In Sutton & Barto's Reinforcement Learning: An Introduction, page 54, the authors define the terminal state as following:

Each episode ends in a special state called the terminal state

But the authors also say:

the episodes can all be considered to end in the same terminal state, with different rewards for the different outcomes. Tasks with episodes of this kind are called episodic tasks.

I believe there is also a fundamental difference between a terminal state, nonterminal states and plain, normal states:

In episodic tasks we sometimes need to distinguish the set of all nonterminal states, denoted S, from the set of all states plus the terminal state, denoted S+.

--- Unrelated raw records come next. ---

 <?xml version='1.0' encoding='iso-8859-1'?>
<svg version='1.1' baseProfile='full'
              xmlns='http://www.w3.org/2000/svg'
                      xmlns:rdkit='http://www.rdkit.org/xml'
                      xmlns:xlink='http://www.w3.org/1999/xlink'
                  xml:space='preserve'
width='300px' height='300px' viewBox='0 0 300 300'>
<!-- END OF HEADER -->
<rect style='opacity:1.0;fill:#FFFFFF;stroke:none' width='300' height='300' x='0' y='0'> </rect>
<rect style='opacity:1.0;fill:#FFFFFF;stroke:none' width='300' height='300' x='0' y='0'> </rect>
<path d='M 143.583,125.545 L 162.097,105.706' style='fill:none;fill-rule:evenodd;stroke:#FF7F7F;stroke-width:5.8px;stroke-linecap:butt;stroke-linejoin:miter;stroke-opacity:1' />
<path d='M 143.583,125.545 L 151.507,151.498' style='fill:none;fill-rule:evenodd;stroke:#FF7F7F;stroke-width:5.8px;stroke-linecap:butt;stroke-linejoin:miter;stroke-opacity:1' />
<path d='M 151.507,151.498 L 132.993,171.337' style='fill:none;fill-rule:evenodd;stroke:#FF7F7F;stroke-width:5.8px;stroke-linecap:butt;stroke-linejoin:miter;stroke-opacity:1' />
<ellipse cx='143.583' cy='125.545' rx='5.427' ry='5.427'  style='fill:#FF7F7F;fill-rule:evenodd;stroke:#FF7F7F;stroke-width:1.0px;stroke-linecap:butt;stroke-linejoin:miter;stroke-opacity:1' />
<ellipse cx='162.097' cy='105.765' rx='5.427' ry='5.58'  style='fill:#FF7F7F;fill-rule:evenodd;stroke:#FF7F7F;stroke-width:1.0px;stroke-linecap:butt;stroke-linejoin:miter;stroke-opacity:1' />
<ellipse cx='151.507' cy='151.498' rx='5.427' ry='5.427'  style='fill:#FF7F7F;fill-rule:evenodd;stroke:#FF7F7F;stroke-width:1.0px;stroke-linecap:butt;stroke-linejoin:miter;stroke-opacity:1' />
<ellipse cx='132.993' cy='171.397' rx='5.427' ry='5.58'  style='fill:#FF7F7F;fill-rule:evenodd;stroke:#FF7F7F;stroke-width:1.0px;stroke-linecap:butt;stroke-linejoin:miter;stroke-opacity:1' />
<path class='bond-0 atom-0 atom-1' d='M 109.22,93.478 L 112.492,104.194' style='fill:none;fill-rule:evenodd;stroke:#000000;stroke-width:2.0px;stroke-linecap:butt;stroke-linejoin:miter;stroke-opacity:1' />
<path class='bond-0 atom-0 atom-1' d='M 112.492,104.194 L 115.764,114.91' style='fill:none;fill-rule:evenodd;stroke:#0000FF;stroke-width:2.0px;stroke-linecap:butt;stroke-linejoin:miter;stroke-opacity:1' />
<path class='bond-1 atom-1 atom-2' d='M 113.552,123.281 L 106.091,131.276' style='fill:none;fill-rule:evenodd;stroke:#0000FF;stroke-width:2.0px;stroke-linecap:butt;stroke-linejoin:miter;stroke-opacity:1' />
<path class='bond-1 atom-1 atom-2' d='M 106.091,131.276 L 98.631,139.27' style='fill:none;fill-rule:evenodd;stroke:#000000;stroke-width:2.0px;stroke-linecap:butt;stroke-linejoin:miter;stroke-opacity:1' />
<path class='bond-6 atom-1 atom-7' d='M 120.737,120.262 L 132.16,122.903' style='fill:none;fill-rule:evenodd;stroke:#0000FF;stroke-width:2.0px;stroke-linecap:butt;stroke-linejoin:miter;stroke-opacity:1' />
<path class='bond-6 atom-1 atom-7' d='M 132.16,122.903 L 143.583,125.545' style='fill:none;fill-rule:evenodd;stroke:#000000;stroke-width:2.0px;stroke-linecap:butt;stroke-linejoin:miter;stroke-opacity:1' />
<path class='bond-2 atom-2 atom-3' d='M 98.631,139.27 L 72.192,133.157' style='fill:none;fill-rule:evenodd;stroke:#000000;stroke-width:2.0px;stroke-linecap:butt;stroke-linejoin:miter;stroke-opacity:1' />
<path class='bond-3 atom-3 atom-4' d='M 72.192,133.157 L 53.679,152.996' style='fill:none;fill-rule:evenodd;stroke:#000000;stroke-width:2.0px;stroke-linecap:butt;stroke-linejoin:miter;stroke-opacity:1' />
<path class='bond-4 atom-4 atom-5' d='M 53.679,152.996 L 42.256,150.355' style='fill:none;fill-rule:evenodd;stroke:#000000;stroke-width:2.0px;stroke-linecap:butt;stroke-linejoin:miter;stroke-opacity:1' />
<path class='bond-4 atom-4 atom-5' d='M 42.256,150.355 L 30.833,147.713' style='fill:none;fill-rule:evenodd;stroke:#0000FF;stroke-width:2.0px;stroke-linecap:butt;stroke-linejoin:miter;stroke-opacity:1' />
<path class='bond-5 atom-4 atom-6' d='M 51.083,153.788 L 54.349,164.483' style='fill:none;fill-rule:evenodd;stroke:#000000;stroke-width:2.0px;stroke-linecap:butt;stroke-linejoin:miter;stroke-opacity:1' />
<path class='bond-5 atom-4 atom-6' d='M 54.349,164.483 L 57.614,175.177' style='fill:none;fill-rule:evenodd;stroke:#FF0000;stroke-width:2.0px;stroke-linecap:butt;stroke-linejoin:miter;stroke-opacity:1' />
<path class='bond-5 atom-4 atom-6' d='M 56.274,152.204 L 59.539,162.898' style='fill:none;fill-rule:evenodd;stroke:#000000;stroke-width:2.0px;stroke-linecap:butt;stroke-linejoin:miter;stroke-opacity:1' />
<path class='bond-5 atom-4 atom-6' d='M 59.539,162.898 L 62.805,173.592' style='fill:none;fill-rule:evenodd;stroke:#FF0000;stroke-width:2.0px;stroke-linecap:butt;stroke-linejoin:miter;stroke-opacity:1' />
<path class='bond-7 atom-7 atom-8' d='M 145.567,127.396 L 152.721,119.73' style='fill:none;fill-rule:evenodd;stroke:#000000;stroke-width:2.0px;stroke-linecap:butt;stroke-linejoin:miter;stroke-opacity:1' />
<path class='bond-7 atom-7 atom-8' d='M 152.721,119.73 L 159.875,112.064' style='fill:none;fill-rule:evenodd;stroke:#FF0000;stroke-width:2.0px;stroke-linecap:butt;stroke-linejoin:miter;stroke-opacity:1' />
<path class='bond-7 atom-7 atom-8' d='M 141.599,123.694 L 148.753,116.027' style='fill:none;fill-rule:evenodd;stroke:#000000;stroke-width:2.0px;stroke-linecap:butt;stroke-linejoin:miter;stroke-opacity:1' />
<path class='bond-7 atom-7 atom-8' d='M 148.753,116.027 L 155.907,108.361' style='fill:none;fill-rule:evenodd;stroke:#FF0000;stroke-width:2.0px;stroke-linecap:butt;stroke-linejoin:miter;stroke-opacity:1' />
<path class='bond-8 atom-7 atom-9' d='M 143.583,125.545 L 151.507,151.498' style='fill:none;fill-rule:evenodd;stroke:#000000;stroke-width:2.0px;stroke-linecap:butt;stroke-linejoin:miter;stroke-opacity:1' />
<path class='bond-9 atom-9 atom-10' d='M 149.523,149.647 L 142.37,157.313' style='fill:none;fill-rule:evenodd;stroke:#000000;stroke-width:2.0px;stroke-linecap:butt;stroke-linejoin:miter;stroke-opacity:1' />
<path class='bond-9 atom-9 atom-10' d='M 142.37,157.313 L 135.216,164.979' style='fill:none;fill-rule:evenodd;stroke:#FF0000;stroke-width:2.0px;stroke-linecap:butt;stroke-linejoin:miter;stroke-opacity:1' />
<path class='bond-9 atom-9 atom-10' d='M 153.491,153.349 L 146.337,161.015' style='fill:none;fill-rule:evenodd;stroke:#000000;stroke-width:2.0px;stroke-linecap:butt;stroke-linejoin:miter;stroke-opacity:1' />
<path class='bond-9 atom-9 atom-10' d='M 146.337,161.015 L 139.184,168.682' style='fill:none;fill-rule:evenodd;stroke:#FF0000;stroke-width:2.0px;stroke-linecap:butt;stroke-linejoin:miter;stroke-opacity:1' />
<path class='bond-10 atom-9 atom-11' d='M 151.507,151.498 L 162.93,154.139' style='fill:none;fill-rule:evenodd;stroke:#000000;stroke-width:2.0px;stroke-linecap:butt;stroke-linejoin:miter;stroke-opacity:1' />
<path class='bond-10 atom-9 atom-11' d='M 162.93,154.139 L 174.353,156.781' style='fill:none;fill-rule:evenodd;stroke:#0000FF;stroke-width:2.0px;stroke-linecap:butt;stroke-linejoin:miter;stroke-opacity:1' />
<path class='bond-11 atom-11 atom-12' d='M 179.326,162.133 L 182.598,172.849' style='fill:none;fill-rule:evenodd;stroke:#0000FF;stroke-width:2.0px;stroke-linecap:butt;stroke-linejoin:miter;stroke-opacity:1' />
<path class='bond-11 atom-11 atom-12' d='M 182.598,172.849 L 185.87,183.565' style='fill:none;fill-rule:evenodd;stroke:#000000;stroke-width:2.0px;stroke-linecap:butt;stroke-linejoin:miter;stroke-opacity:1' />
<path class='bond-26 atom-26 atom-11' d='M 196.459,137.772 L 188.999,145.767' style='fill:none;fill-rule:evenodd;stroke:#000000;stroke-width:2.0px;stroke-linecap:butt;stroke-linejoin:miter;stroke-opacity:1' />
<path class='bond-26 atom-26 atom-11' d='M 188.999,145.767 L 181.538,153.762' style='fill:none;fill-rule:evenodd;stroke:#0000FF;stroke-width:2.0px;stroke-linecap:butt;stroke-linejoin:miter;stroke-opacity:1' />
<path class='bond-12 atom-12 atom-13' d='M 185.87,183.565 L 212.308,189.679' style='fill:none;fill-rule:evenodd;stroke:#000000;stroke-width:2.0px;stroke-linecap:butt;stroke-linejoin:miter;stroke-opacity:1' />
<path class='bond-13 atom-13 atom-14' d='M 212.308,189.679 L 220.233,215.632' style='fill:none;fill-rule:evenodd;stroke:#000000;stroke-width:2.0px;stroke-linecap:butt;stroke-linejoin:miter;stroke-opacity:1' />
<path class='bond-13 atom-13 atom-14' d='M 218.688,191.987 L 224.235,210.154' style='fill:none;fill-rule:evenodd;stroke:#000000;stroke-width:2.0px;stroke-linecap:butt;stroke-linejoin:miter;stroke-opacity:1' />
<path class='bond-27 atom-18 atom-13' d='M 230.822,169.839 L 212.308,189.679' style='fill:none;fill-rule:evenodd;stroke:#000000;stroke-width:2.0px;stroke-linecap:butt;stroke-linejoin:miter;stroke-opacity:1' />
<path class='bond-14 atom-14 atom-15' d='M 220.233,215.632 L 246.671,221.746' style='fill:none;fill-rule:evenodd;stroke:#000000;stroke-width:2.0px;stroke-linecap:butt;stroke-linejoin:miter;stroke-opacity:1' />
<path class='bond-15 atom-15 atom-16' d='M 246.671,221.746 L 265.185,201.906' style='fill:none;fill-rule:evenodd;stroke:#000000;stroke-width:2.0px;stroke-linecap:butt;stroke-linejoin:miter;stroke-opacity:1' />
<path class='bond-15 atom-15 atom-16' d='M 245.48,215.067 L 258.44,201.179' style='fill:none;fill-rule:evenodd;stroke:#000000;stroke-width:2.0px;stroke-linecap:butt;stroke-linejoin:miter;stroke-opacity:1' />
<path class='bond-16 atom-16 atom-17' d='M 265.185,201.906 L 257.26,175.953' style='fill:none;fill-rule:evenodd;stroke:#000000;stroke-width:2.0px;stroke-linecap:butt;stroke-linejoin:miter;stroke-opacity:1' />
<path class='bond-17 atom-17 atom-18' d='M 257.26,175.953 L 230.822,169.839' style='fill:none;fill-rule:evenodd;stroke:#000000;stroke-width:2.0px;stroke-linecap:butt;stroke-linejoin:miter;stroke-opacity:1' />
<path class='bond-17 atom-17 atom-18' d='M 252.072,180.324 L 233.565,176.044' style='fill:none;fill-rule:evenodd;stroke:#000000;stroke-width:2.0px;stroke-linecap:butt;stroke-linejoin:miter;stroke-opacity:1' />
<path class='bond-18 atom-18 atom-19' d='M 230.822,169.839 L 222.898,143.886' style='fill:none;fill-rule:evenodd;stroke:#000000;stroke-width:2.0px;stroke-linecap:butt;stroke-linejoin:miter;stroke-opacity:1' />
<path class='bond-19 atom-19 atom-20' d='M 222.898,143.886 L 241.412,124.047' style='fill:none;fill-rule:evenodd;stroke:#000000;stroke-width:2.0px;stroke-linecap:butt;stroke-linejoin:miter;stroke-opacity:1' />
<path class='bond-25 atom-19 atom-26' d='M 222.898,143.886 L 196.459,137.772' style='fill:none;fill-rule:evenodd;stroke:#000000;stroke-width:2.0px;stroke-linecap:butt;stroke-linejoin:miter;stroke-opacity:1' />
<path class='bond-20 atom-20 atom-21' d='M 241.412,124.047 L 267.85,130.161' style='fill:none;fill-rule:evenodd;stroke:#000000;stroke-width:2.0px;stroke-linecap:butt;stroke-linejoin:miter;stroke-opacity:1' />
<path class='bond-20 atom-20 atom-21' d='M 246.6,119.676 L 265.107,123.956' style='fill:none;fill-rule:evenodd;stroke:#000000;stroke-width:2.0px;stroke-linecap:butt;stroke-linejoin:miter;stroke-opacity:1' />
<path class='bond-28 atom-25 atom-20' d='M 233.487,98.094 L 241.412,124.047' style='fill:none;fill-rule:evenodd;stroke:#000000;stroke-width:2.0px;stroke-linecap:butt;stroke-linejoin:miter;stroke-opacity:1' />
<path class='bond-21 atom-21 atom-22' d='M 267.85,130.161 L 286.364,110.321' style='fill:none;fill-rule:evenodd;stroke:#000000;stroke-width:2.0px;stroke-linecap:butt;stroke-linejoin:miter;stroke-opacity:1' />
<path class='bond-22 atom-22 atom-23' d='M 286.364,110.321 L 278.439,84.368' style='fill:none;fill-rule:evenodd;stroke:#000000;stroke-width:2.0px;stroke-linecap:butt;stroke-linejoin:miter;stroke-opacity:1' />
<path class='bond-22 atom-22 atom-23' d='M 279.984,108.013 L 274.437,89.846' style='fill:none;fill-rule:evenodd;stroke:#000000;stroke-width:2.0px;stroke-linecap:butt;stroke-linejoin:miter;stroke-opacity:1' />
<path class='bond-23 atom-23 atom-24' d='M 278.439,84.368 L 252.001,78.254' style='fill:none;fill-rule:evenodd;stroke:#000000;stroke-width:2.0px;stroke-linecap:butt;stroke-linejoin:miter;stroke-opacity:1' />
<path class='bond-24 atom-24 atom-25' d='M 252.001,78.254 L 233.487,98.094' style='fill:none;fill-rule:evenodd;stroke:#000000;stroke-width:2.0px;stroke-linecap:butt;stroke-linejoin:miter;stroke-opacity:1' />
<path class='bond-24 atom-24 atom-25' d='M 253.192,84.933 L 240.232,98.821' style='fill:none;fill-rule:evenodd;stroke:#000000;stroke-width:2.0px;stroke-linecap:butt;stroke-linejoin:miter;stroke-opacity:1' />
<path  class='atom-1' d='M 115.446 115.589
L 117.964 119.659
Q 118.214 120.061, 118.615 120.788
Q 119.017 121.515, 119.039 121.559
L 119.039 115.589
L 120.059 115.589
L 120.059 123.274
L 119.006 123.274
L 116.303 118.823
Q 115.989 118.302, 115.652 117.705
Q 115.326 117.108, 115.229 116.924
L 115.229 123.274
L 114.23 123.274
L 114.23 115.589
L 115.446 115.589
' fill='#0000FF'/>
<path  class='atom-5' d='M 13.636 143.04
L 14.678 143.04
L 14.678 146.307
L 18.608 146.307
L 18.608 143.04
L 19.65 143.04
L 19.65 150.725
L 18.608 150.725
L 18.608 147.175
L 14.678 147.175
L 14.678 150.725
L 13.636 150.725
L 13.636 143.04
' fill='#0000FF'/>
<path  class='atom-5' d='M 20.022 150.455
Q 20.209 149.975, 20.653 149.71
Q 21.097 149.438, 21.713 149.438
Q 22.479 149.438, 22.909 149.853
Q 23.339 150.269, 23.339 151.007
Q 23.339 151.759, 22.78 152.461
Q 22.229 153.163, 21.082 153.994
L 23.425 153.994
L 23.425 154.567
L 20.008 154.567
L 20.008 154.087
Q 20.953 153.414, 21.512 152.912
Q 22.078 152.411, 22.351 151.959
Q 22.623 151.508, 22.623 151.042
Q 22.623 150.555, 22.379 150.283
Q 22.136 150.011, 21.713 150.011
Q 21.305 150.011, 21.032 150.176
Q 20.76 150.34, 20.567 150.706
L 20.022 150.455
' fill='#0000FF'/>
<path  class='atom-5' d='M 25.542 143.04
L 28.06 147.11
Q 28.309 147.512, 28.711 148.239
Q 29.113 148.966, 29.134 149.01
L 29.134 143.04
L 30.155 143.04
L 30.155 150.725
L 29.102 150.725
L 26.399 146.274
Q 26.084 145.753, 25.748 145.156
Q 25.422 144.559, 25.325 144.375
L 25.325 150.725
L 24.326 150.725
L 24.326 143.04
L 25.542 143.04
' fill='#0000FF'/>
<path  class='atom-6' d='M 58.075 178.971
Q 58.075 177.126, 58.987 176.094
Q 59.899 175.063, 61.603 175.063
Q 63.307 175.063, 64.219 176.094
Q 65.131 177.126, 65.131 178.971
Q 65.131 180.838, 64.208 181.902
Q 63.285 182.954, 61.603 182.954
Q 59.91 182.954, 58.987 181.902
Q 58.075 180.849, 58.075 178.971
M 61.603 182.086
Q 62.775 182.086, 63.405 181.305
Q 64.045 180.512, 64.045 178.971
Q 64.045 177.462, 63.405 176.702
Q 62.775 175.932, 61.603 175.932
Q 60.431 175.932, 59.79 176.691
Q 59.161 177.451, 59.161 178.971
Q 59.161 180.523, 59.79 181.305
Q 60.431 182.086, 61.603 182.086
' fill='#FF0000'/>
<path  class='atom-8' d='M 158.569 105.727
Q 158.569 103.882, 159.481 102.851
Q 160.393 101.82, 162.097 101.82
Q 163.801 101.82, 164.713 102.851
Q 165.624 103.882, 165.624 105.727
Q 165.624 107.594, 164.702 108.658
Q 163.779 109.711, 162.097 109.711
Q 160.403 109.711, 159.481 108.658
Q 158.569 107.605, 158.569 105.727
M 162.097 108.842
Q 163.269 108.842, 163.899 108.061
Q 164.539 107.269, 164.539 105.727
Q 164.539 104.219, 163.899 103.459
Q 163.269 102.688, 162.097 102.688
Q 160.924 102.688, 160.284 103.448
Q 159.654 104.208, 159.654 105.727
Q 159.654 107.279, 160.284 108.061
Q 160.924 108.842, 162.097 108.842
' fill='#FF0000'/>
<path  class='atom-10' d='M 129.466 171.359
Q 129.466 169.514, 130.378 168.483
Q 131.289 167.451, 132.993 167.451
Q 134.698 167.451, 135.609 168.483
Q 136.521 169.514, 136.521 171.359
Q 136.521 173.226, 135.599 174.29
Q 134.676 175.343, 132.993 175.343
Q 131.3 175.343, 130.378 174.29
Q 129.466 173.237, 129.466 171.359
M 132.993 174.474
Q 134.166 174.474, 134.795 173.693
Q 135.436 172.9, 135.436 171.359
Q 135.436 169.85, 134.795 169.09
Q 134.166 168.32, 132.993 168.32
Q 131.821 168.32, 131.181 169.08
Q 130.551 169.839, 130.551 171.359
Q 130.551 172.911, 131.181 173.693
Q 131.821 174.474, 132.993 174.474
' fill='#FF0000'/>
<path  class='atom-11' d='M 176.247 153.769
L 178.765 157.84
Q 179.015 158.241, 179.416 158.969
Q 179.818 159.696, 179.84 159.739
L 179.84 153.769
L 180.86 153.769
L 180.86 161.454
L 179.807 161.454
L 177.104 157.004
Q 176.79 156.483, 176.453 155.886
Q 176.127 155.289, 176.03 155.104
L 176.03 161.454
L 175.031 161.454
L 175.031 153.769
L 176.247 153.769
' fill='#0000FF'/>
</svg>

In the first quote, it appears as if the terminal state is just a term to describe the final state of an episode, but, from the second quote, I understand that the terminal state is the same no matter the outcome of the episode. If we consider the game of chess, what would we consider as a terminal state? Would it be the state that, if reached, will end the game (checkmate), no matter the result (win, loss)? But then how can we describe a state that would lead to draw? If we say about a state that leads to a draw that it's a nonterminal state since we can play an "infinite" number of turns without reaching a win or a loss hence without reaching the terminal state, aren't we implicitly supposing that reaching a draw isn't a result for which we should attribute a reward (e.g. 0)? And if we name a state that leads to a draw a terminal state, then what would be the difference between a normal state and a nonterminal state?


1 Answer 1


Terminal state is always the same in the sense that it represents the same thing, that the episode is over. They don’t need to be the exact same state; for instance you could have an $n$ by $n$ grid world where the top right and bottom left states are terminal as when you reach these your agent dies. These are both terminal but not the same state.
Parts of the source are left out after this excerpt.